4. Effectiviteit van de behandeling afgezet tegen de bijwerkingen en impact van de behandeling
Tussen november 2020 en februari 2022 werden 659 patiënten gescreend in 13 landen, hiervan werden 492 patiënten gerandomiseerd, 246 patiënten in elke groep. Demografische en klinische kenmerken waren vergelijkbaar in beide groepen. De tijd vanaf diagnose van de metastasen tot aan randomisatie was 18 maanden of langer in 57,5 procent van de patiënten en 30,7 procent had een RAS-wildtype-tumor.
De meeste patiënten (92 procent) hadden 2 lijnen chemotherapie gehad voor gemetastaseerde ziekte.
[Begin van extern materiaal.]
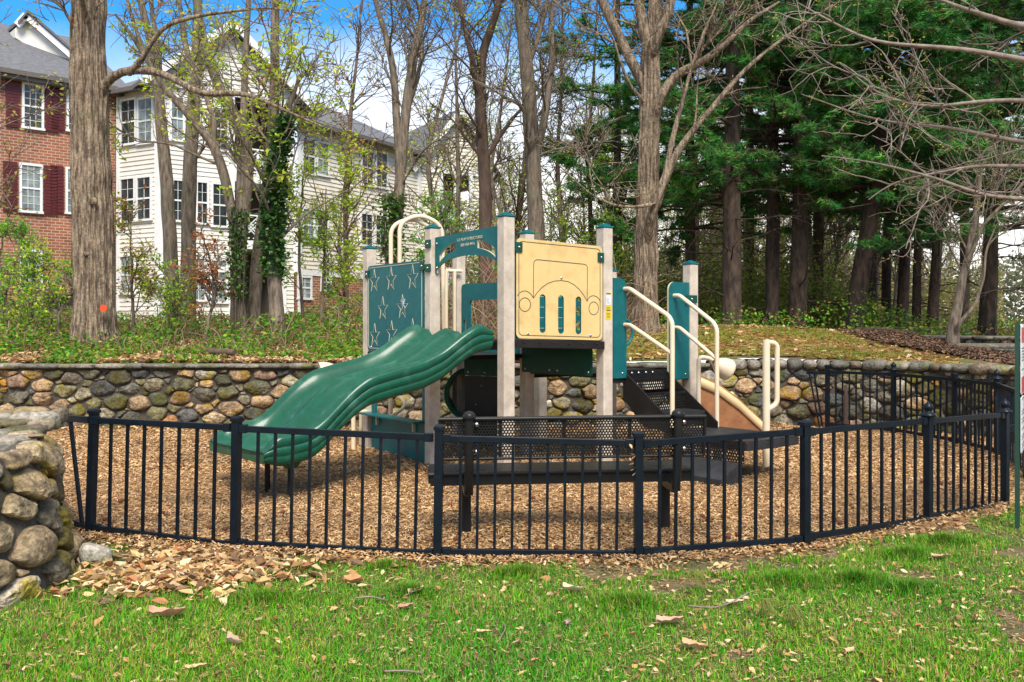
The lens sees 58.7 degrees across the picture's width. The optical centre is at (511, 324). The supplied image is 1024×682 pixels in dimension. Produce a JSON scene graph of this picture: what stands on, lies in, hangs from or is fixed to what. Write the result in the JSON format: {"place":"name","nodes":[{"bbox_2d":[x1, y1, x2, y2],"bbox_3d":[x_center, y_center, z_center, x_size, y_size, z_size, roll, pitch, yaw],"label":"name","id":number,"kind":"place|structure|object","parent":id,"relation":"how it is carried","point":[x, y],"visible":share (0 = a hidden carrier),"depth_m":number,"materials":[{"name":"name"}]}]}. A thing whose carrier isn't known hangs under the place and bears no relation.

Alle patiënten hadden eerdere behandeling met een fluoropyrimidine-gebaseerd schema gehad, 355 patiënten (72 procent) hadden eerdere anti-VEGF-behandeling, allemaal bevacizumab, gehad (48 procent in de eerste lijn, 44 procent in de tweede lijn en 20 procent in eerste en tweede lijn). Van de patiënten met een RAS-wildtype-tumor had 94 procent anti-EGFR-therapie gehad.
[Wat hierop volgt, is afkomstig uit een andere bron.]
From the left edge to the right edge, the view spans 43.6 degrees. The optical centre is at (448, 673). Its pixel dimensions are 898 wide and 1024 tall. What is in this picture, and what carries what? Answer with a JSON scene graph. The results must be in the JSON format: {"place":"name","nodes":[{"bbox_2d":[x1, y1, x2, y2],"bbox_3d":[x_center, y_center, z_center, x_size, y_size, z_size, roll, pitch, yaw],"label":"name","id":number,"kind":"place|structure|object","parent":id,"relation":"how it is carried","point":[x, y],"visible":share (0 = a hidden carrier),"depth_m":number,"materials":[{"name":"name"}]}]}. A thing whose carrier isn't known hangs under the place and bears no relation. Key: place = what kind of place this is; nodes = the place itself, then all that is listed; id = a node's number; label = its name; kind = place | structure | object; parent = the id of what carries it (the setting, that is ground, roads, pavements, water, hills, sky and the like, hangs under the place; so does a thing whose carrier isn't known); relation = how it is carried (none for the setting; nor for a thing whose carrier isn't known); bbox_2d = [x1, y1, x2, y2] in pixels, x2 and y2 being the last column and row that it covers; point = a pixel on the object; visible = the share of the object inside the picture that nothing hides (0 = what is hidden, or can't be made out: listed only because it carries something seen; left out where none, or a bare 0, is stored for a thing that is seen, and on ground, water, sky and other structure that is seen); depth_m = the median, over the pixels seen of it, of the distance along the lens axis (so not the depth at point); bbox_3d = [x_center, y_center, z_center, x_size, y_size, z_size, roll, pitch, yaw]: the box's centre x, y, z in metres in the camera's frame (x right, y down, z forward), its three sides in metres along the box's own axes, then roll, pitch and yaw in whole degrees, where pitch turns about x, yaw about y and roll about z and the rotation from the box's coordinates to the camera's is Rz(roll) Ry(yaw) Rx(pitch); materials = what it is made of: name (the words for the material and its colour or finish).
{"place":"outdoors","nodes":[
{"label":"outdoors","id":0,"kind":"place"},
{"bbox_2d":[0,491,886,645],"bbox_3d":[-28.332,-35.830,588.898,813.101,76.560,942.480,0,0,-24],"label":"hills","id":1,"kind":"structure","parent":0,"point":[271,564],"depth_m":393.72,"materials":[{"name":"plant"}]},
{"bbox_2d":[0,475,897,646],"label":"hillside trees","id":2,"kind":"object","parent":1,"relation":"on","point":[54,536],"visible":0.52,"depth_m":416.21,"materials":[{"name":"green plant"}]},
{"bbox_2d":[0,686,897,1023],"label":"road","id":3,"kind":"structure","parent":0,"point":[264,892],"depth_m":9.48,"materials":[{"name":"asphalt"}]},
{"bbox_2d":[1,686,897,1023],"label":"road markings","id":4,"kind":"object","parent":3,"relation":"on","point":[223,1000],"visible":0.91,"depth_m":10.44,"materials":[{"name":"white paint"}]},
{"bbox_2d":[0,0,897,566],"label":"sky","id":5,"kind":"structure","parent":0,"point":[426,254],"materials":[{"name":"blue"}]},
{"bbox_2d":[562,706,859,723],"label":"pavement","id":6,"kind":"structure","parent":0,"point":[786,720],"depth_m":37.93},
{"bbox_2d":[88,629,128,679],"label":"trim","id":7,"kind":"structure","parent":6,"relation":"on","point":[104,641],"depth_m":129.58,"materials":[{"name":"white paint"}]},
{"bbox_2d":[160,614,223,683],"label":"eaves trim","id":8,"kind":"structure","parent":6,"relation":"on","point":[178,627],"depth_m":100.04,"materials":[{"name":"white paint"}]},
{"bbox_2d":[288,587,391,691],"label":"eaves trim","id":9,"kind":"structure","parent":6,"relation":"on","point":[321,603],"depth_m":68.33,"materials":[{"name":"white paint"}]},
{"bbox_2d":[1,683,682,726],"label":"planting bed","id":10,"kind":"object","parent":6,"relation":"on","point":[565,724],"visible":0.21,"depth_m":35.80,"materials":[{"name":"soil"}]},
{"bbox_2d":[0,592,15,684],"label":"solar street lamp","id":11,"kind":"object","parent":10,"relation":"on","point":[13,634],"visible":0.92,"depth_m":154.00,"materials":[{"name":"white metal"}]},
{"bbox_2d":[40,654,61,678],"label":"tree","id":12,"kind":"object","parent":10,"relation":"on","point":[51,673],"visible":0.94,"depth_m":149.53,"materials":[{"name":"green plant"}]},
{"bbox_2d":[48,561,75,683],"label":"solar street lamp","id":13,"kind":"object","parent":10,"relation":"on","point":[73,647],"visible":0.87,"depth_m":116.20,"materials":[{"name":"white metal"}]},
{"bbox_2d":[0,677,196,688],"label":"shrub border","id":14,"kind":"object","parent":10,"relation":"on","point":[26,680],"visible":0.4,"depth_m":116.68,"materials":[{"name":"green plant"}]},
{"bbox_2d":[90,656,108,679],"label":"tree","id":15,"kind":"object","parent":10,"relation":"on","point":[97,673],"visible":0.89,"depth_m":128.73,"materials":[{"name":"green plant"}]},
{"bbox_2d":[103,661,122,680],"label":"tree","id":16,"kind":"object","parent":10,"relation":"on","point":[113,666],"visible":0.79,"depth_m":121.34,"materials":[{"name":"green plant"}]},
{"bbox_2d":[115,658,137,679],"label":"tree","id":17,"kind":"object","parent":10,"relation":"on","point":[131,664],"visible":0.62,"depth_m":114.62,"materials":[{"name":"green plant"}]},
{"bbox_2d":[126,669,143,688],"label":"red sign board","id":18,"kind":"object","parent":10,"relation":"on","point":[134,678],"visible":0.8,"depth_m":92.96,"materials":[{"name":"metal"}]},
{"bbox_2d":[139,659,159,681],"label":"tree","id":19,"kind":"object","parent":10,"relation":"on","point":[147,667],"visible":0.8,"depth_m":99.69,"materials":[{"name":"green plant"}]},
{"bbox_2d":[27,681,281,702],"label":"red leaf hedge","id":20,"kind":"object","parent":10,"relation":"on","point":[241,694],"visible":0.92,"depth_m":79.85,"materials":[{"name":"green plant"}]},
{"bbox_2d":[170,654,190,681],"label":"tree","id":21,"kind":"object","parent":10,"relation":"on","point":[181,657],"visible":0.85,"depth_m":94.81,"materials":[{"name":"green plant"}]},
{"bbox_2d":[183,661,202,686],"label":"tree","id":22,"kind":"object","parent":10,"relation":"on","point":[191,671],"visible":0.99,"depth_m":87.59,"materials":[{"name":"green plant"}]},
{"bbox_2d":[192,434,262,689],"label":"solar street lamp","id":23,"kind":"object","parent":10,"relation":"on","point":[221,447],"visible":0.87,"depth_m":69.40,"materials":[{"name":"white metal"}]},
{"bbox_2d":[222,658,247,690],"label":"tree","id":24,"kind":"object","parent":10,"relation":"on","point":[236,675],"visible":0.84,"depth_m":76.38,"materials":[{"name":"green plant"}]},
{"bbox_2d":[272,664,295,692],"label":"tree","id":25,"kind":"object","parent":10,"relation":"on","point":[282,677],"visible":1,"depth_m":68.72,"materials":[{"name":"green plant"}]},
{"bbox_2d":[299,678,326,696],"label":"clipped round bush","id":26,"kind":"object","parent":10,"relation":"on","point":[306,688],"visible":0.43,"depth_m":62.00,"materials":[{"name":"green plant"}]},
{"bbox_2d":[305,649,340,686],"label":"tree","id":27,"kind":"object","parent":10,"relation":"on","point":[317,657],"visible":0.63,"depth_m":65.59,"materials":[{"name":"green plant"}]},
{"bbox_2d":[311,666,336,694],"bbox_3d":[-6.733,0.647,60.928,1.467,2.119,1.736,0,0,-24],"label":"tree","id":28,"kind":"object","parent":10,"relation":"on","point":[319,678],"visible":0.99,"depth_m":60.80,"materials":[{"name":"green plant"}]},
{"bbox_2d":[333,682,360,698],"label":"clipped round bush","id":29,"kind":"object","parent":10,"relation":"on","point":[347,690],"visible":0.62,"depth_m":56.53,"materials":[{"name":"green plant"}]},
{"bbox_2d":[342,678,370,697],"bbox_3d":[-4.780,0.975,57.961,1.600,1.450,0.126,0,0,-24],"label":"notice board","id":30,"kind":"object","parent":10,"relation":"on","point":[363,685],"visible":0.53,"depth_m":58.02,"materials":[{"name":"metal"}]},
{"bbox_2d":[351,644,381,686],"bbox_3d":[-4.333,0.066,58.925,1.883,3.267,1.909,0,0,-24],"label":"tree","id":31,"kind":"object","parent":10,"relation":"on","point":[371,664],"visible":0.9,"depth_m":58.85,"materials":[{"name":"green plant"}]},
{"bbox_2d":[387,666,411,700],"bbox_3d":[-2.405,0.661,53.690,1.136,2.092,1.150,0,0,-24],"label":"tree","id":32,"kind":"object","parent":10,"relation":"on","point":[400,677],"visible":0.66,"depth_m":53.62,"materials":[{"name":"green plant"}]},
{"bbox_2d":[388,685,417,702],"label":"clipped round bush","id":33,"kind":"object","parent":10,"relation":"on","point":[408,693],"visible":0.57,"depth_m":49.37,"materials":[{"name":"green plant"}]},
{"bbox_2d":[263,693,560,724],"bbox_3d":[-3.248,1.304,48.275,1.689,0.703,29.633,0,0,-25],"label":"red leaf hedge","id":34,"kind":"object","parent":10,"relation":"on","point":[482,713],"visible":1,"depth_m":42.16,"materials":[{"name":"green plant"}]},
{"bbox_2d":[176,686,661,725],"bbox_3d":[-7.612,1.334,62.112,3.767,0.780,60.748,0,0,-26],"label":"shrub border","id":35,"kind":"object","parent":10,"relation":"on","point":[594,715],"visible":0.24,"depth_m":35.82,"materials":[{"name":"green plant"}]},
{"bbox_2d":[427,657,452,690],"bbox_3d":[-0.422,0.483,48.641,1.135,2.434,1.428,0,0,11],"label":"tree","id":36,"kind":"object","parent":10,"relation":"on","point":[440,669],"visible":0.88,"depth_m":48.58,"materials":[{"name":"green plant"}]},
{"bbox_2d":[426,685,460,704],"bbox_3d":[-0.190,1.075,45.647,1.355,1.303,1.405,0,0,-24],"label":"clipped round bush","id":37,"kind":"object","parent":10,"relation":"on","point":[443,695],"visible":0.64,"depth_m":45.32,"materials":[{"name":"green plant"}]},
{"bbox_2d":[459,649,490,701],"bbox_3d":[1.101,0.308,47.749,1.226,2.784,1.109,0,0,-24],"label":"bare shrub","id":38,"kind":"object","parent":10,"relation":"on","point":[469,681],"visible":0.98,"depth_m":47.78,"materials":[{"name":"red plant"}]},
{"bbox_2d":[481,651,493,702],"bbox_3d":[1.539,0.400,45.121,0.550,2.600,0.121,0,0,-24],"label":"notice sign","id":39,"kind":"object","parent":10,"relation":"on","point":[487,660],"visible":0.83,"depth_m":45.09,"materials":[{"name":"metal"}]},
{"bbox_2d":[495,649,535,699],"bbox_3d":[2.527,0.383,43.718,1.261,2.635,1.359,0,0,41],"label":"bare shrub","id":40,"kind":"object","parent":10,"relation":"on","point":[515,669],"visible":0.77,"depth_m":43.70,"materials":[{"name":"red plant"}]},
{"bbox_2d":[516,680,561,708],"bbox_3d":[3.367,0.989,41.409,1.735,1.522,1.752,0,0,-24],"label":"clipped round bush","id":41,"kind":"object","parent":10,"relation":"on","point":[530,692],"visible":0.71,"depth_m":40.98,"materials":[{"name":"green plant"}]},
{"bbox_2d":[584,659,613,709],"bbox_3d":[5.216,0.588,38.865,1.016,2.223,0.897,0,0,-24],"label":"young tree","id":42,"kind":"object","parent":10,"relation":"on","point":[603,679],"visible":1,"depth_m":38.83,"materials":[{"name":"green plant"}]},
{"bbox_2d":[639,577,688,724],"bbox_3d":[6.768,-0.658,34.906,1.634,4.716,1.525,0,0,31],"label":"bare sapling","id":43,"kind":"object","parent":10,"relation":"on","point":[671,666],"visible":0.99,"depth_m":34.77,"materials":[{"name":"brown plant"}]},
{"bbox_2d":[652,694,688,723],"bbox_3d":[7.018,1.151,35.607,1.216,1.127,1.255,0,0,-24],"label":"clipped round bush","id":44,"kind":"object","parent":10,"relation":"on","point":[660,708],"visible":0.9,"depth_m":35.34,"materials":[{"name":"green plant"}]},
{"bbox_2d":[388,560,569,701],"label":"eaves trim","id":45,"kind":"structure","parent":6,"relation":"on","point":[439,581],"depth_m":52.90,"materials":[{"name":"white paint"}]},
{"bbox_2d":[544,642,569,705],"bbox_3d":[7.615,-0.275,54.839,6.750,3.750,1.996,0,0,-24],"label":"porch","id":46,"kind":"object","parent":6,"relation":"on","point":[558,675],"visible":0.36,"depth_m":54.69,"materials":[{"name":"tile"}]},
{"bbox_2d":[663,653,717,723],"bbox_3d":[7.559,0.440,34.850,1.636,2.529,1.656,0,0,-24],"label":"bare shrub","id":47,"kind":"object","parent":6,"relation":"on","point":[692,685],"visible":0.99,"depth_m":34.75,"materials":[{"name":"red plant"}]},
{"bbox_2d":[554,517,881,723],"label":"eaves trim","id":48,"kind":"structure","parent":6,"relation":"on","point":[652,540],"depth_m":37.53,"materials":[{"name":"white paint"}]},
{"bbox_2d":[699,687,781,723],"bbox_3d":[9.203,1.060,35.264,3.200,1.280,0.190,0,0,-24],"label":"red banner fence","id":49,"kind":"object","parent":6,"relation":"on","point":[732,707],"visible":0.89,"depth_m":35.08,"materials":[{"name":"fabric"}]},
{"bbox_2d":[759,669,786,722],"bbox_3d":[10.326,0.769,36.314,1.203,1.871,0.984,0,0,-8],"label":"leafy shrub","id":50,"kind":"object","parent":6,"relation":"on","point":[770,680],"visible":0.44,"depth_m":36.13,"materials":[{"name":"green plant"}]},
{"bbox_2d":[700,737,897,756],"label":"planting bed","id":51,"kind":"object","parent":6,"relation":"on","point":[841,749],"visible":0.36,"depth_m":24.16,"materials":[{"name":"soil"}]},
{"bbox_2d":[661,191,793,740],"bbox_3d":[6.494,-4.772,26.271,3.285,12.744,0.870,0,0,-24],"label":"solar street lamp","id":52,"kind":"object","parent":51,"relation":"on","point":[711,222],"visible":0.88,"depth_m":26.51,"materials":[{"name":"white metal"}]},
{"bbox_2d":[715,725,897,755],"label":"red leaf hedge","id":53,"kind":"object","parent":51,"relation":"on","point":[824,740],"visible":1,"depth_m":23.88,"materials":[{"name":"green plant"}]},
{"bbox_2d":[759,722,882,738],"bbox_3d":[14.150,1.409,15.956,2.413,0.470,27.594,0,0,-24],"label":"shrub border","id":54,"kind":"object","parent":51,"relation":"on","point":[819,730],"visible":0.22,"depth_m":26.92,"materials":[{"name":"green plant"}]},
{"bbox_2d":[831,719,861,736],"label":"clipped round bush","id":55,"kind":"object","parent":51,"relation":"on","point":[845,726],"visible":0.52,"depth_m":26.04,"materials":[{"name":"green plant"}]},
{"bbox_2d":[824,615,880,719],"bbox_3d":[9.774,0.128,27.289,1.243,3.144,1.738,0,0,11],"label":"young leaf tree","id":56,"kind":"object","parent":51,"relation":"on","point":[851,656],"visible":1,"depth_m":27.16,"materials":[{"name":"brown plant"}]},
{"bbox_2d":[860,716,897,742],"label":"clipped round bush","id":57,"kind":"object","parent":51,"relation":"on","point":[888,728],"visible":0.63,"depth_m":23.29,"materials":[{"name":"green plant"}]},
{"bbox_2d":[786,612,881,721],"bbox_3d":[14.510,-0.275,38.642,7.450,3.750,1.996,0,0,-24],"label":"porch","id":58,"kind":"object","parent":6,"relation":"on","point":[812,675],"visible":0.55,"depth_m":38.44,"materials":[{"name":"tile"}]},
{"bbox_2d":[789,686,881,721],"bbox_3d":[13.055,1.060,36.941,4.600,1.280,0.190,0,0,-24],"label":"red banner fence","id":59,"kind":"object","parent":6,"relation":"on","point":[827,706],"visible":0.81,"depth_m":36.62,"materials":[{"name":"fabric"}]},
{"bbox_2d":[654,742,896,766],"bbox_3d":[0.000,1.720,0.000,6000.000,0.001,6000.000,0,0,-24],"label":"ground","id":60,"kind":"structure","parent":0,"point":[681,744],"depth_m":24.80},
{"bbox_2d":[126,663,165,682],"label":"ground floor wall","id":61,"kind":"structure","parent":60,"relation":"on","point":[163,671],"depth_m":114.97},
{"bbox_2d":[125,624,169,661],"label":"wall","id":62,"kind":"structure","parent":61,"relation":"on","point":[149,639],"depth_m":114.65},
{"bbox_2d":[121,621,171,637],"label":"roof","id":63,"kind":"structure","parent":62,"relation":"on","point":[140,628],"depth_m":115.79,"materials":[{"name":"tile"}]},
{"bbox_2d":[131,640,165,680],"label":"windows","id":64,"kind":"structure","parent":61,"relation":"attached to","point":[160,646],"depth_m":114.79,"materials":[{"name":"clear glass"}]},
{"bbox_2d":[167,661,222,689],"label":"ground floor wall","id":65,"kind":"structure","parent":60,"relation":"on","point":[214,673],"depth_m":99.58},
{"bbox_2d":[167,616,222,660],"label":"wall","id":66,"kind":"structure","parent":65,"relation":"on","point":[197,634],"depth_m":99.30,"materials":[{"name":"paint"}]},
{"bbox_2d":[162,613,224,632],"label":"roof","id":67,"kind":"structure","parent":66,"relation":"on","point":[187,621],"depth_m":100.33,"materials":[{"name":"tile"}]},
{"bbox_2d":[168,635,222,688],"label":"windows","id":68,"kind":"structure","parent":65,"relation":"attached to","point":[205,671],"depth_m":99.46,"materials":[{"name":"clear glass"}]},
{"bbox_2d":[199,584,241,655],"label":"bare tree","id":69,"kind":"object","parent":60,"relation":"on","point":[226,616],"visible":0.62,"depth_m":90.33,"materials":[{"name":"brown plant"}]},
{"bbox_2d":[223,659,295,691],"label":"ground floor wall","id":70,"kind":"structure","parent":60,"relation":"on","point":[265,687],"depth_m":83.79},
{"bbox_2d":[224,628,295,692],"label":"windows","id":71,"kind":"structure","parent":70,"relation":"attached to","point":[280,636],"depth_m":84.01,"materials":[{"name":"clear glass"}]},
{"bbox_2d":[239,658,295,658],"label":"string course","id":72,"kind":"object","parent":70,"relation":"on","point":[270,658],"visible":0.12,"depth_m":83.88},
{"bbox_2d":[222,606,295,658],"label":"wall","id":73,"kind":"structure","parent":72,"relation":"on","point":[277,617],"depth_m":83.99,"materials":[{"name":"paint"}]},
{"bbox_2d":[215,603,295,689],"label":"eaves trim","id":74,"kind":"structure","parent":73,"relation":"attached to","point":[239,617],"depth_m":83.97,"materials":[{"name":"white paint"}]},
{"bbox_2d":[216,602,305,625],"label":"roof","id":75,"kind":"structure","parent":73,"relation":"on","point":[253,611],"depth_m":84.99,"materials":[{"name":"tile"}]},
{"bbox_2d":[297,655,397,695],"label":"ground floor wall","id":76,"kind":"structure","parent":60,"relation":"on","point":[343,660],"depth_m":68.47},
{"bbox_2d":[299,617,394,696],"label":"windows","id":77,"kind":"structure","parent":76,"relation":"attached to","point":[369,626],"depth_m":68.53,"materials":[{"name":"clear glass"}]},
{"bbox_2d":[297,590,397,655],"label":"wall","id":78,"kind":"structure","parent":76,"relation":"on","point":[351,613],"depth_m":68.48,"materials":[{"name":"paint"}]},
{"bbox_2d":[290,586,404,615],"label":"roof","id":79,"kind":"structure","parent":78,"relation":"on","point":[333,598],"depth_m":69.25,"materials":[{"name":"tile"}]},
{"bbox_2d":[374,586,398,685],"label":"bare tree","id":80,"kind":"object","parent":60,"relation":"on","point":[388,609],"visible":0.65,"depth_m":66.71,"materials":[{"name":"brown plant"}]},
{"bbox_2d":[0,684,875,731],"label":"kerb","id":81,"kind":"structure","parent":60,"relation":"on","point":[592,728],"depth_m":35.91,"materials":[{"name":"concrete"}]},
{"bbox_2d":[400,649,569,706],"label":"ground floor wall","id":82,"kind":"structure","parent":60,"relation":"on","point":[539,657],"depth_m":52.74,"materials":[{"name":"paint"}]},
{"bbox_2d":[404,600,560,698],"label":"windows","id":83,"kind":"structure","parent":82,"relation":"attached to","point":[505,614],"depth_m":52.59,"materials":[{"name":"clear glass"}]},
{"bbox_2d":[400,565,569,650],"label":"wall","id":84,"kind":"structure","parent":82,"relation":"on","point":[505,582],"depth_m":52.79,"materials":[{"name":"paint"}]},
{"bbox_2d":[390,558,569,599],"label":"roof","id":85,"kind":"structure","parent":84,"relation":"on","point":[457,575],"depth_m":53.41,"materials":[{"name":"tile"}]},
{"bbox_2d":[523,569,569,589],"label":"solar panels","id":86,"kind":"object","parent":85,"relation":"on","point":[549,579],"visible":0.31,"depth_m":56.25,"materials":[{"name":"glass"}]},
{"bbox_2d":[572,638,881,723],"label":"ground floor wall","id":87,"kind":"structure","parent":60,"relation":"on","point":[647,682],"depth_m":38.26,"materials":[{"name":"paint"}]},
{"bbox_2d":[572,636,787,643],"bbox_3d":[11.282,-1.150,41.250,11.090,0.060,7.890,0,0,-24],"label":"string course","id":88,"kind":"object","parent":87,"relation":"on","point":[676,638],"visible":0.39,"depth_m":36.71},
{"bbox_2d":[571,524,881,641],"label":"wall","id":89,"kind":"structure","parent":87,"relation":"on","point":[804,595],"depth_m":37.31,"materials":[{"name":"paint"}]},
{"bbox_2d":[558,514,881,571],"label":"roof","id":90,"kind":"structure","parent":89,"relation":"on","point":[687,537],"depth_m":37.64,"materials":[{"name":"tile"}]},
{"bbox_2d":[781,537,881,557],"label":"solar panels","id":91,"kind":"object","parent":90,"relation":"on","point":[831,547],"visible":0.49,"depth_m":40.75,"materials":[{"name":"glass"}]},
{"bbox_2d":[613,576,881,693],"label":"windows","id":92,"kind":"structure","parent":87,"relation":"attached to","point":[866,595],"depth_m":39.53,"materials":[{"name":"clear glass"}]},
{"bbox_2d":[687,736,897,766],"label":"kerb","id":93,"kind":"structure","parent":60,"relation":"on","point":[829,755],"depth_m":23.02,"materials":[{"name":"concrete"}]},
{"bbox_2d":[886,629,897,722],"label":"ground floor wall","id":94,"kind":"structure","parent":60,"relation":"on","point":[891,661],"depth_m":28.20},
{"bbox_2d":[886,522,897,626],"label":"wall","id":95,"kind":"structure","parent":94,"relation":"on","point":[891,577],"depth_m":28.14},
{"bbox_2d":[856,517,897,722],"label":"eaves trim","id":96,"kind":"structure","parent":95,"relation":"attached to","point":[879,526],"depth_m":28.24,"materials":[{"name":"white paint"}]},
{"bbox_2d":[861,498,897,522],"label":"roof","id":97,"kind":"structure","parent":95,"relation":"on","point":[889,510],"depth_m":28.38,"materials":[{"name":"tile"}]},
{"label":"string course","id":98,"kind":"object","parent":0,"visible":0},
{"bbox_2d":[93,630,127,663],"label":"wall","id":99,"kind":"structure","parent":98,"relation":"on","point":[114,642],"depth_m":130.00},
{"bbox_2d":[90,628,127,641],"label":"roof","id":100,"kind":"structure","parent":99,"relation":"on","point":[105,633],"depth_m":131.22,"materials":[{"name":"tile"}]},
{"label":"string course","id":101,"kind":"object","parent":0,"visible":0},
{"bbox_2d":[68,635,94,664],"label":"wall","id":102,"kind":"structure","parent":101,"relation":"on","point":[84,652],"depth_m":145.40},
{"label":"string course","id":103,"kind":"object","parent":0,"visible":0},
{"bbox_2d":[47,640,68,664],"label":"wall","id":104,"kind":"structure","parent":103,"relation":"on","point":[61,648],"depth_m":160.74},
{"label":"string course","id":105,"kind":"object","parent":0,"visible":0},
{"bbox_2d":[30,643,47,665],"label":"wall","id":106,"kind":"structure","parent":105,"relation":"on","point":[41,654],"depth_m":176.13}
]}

De mediane duur van de behandeling was 5,0 maanden (range: 0,1-18,5 maanden) in de combinatiegroep en 2,1 maanden (range: 0,6-14,3 maanden) in de monotherapiegroep. In de combinatiegroep was de mediane relatieve dosisintensiteit van FTD-TPI en bevacizumab respectievelijk 88,3 procent en 87,6 procent. De mediane relatieve dosisintensiteit van FTD-TPI in de monotherapiegroep was 90,4 procent. De meest voorkomende reden voor het stoppen van de behandeling was ziekteprogressie. De mediane follow-up was 14,2 maanden in de combinatiegroep en 13,6 maanden in de monotherapiegroep. De mediane OS was 10,8 maanden (95%-BI: 9,4-11,8) in de combinatiegroep en 7,5 maanden (95%-BI: 6,3-8,6) in de monotherapiegroep (HR: 0,61; [95%-BI: 0,49-0,77]; p < 0,001). De OS na 6 maanden was 77 procent in de combinatiegroep en 61 procent in de monotherapiegroep; de OS na 12 maanden was respectievelijk 43 procent en 30 procent. De mediane PFS was 5,6 maanden (95%-BI: 4,5-5,9) in de combinatiegroep en 2,4 maanden (95%-BI: 2,1-3,2) in de monotherapiegroep (HR: 0,44 [95%-BI: 0,36-0,54]; p < 0,001). De PFS na 6 maanden was 43 procent in de combinatiegroep en 16 procent in de monotherapiegroep; na 12 maanden was de PFS respectievelijk 16 procent en 1 procent. De OS- en PFS-winst werd in alle geanalyseerde subgroepen gezien.
Bijwerkingen van graad 3 of hoger werden gerapporteerd in 193 patiënten (72,4 procent) in de combinatiegroep en in 167 patiënten (69,5 procent) in de monotherapiegroep. Neutropenie was de meest voorkomende bijwerking van graad 3 of 4 en kwam voor bij 43 procent in de combinatiegroep en 32 procent in de monotherapiegroep. Febriele neutropenie kwam weinig voor (bij respectievelijk 1 en 6 patiënten). Serious adverse events (SAE’s) werden gerapporteerd in respectievelijk 24,8 procent en 31,3 procent van de patiënten. Er waren geen patiënten overleden aan de gevolgen van de behandeling. Bijwerkingen die leidden tot onderbreking van therapie waren in beide groepen gelijk (12,6 procent). Dosisreductie vond plaats in 16,3 procent van de patiënten in de combinatiegroep en 12,2 procent in de monotherapiegroep, uitstel van kuren vond plaats in respectievelijk 69,5 procent en 53,3 procent. De mediane tijd tot achteruitgang van de ECOG-performancescore van 0 of 1 naar 2 was 9,3 maanden (95%-BI: 8,3-10,6) in de combinatiegroep en 6,3 maanden (95%-BI: 5,6-7,2) in de monotherapiegroep (HR: 0,54 [95%-BI: 0,43-0,67]).